Some years ago I was sitting in a church and during the service a friend of mine, Adam, stood up to read a passage from the Gospel of Luke, in which John the Baptist begins his work preaching and baptizing in the Jordan Valley. There is a quote in the passage that goes like this:
Prepare the way for the Lord, make straight paths for him. Every valley shall be filled in, every mountain and hill made low. The crooked roads shall become straight, the rough ways smooth. And all people will see God’s salvation.
I had heard this passage many times, but not quite like I was hearing it now. And the reason was simple: Adam had once thrown a backpack on his shoulders and walked 2,175 miles from Georgia to Maine on the curviest, most up-and-down path you can take in the United States. That is, he had walked the Appalachian Trail (along with his wife).
The man speaking, then, was intimately familiar with a path that was anything but straight. The Appalachian Trail was not designed to be a direct walk between Georgia and Maine; it follows the ridgeline, and it takes you up and down just like a rollercoaster at Six Flags.

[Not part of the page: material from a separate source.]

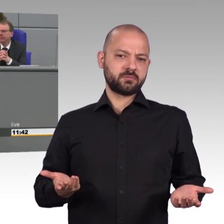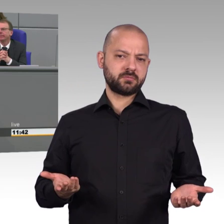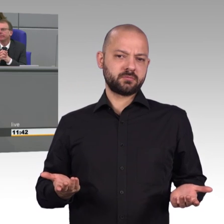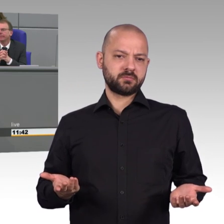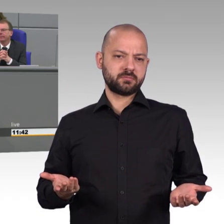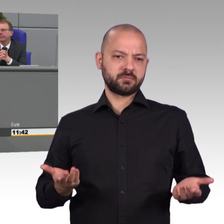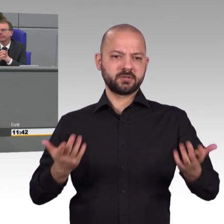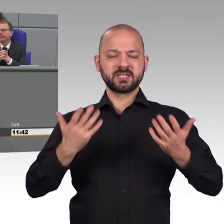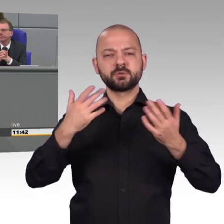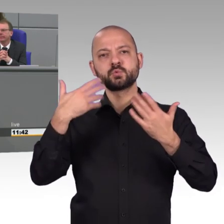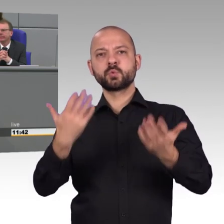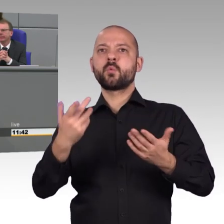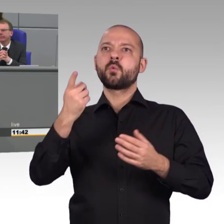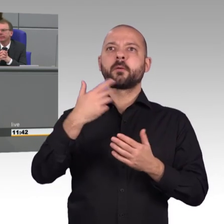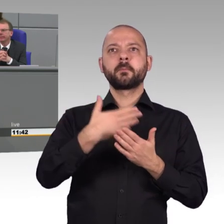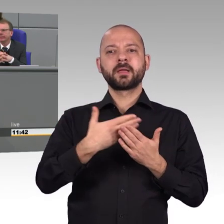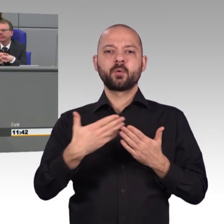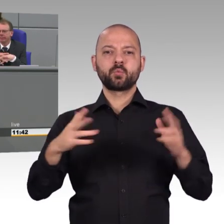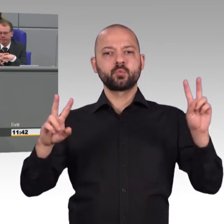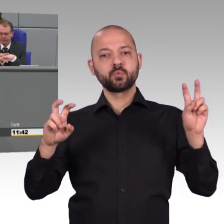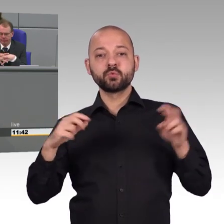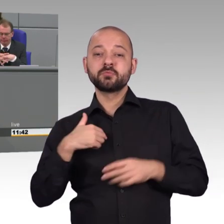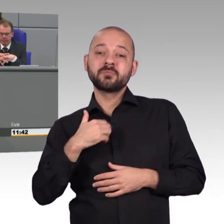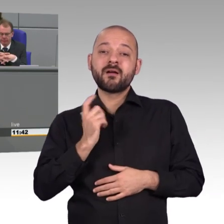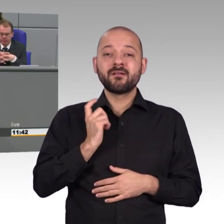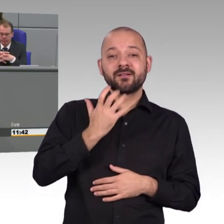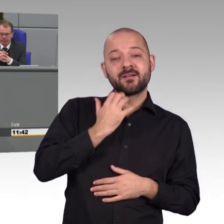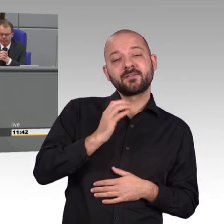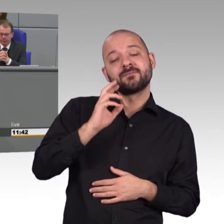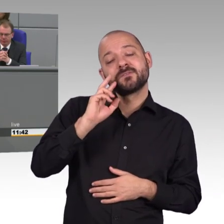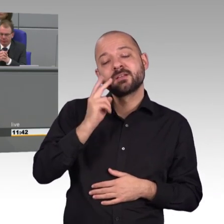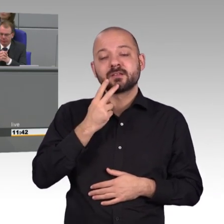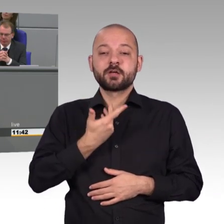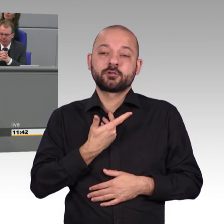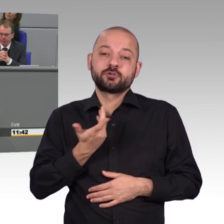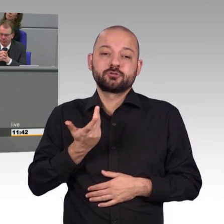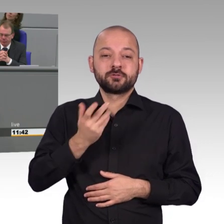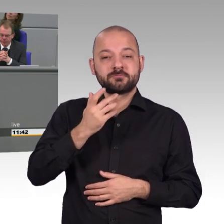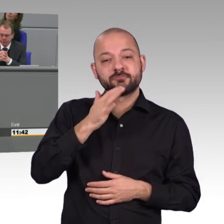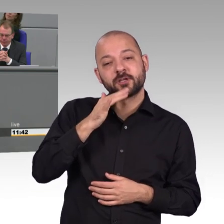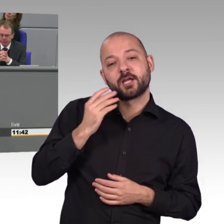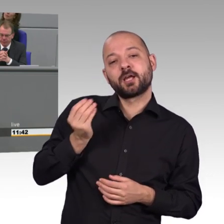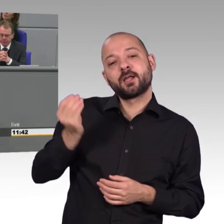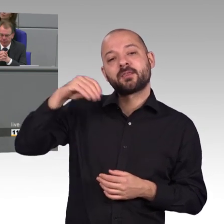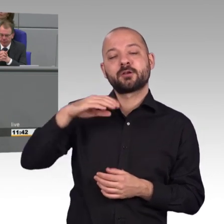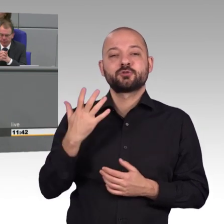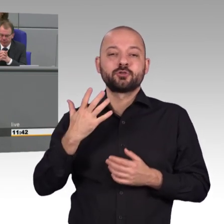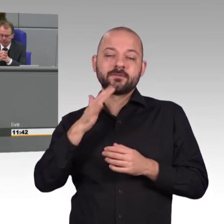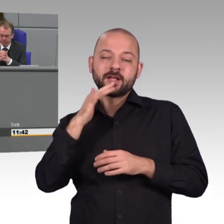Legen Sie das überfällige IT-Sicherheitsgesetz 2.0 vor. Einen langen Maßnahmenkatalog haben wir Ihnen hier vor
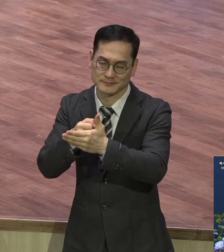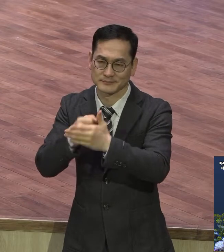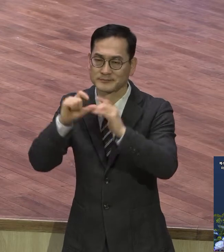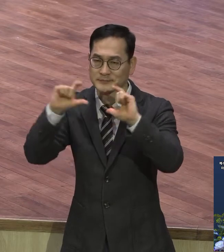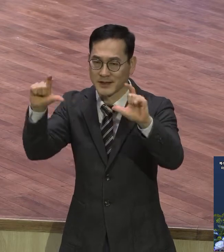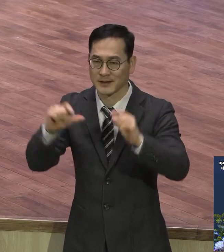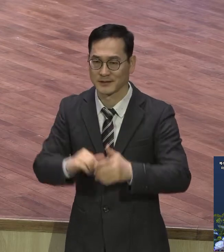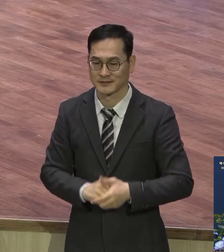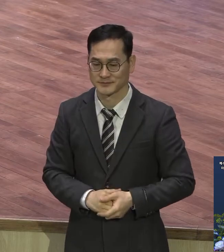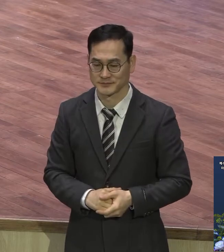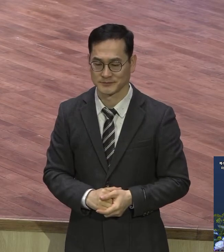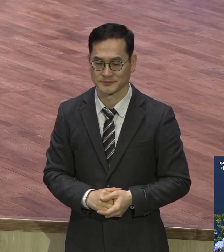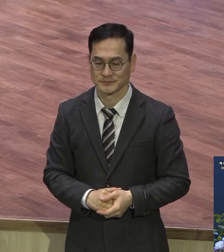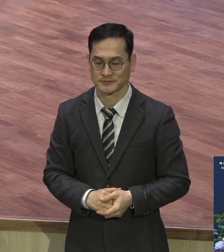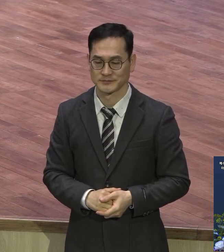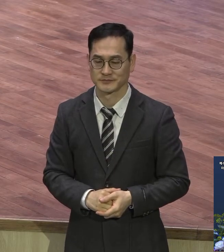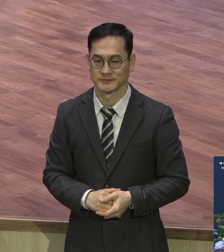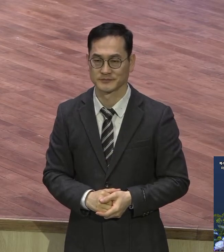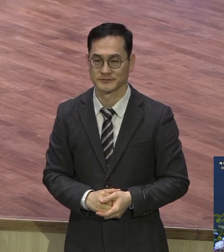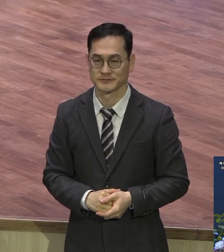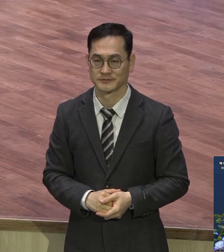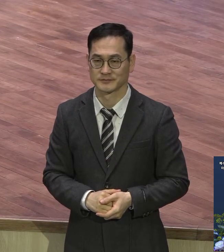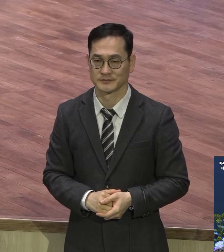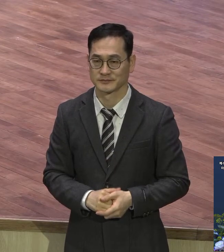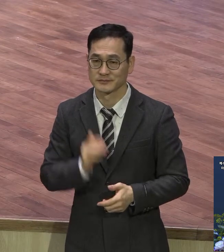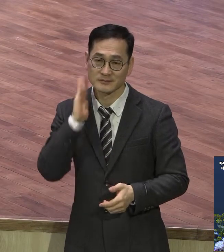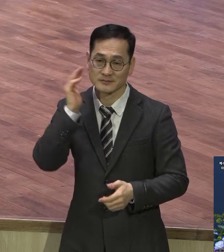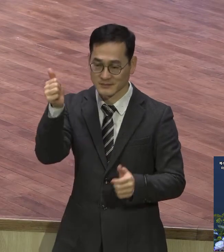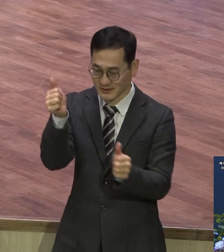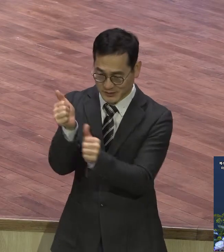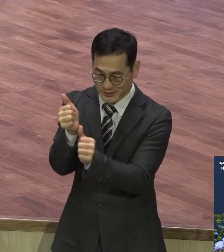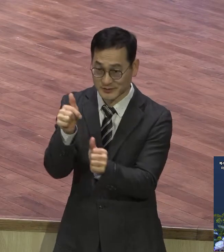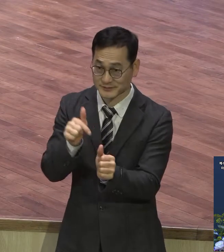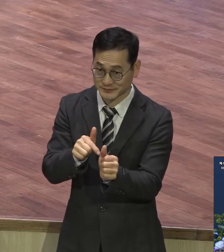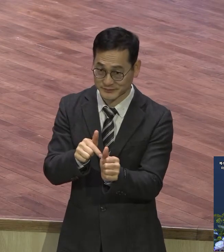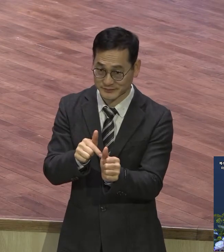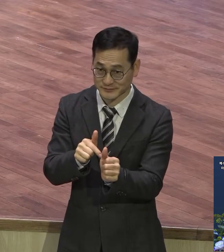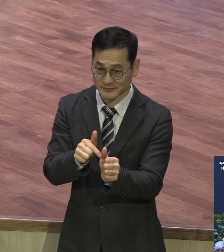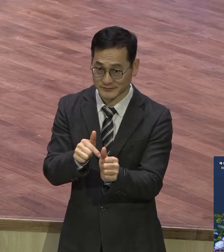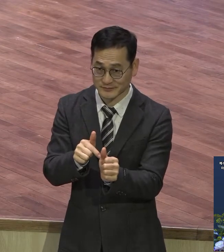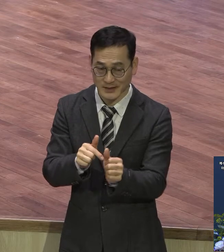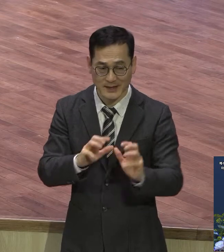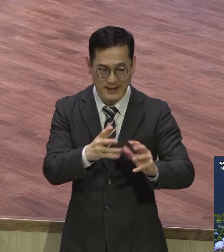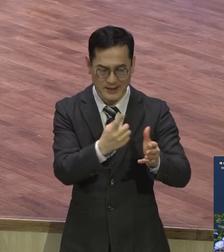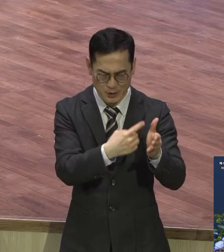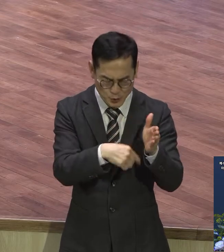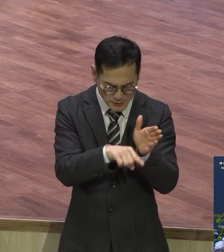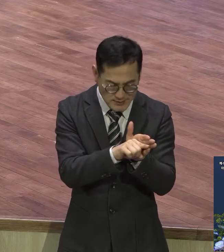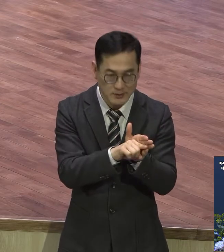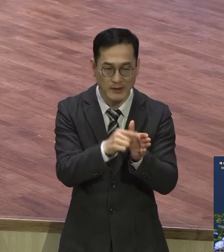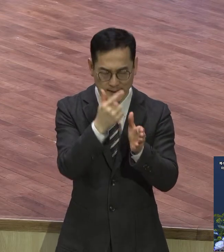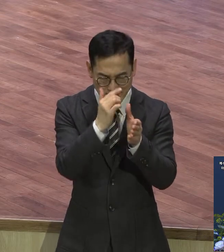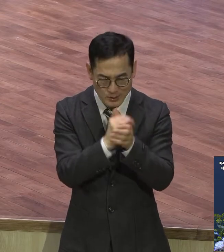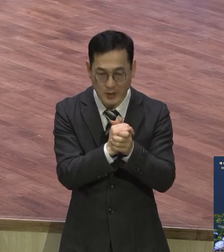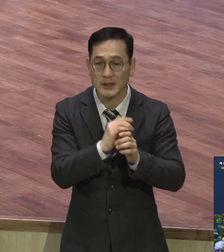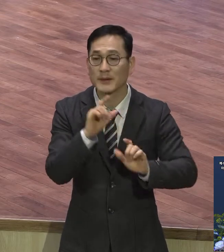대단하죠. 그 부통령은 참모들과 함께 나라를 위해서 기도하는 모습을 전

Adam knew the weariness of crooked paths and up-and-down walking.
Adam’s journey had given him a certain kind of experience, which in turn gave new weight to certain things he might say. And this is one of the benefits of long-term travel: it can take us to places — geographical, social, emotional — so that when we return home we might carry back more than, say, a Bintang t-shirt or Eiffel Tower refrigerator magnet. We can also carry back something much more important: a life lived, and the subtle ways this gives weight to our words.